====== Data under study

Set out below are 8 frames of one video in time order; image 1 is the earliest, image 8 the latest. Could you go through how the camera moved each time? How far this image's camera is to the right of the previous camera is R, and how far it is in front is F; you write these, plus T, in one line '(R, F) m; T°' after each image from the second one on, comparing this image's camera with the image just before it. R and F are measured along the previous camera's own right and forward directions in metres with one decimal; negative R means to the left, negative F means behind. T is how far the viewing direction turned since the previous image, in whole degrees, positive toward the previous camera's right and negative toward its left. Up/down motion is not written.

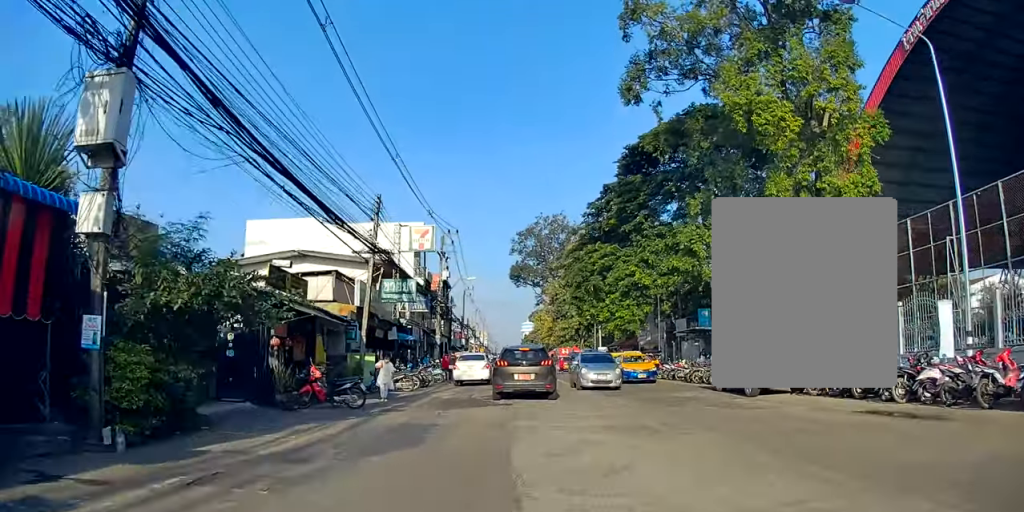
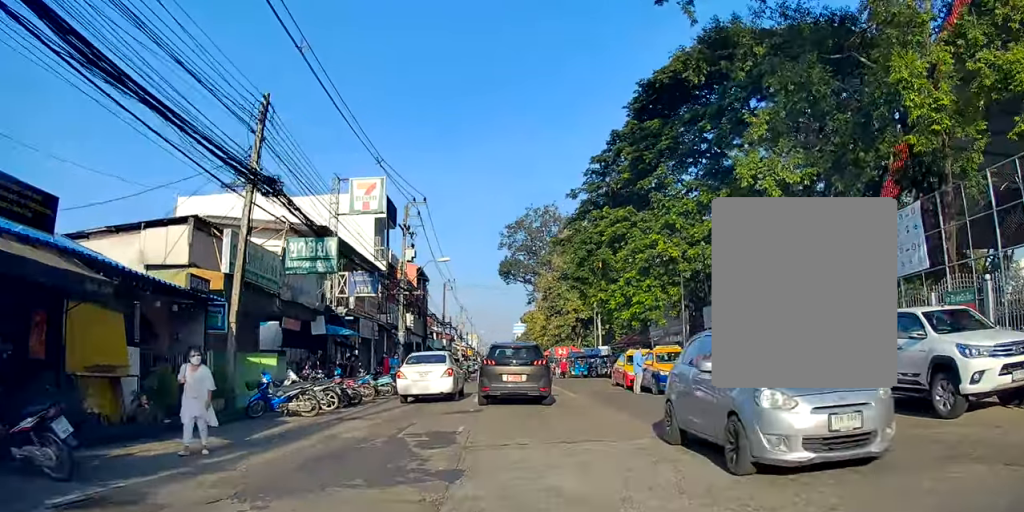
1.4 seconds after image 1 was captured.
(-0.5, +10.3) m; -3°
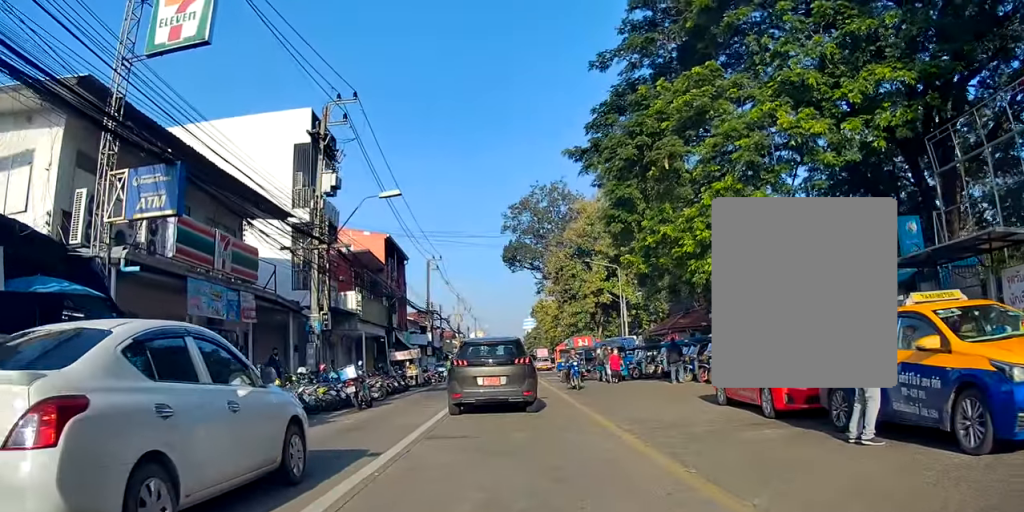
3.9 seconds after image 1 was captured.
(+0.5, +17.5) m; +3°
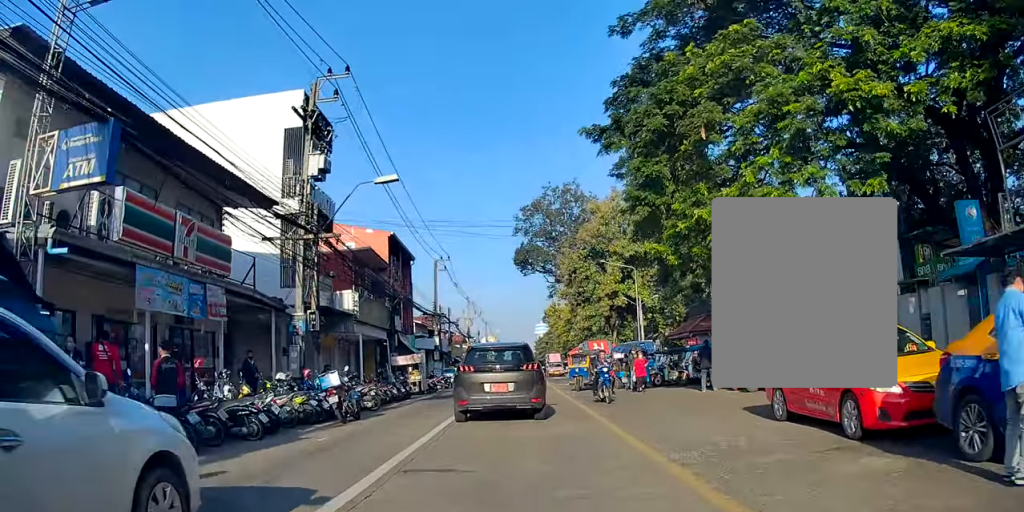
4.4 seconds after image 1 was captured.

============

Your task:
Return every entry above word for word, leaving pictures out.

Task response:
Set out below are 8 frames of one video in time order; image 1 is the earliest, image 8 the latest. Could you go through how the camera moved each time? How far this image's camera is to the right of the previous camera is R, and how far it is in front is F; you write these, plus T, in one line '(R, F) m; T°' after each image from the second one on, comparing this image's camera with the image just before it. R and F are measured along the previous camera's own right and forward directions in metres with one decimal; negative R means to the left, negative F means behind. T is how far the viewing direction turned since the previous image, in whole degrees, positive toward the previous camera's right and negative toward its left. Up/down motion is not written.

1.4 seconds after image 1 was captured.
(-0.5, +10.3) m; -3°
3.9 seconds after image 1 was captured.
(+0.5, +17.5) m; +3°
4.4 seconds after image 1 was captured.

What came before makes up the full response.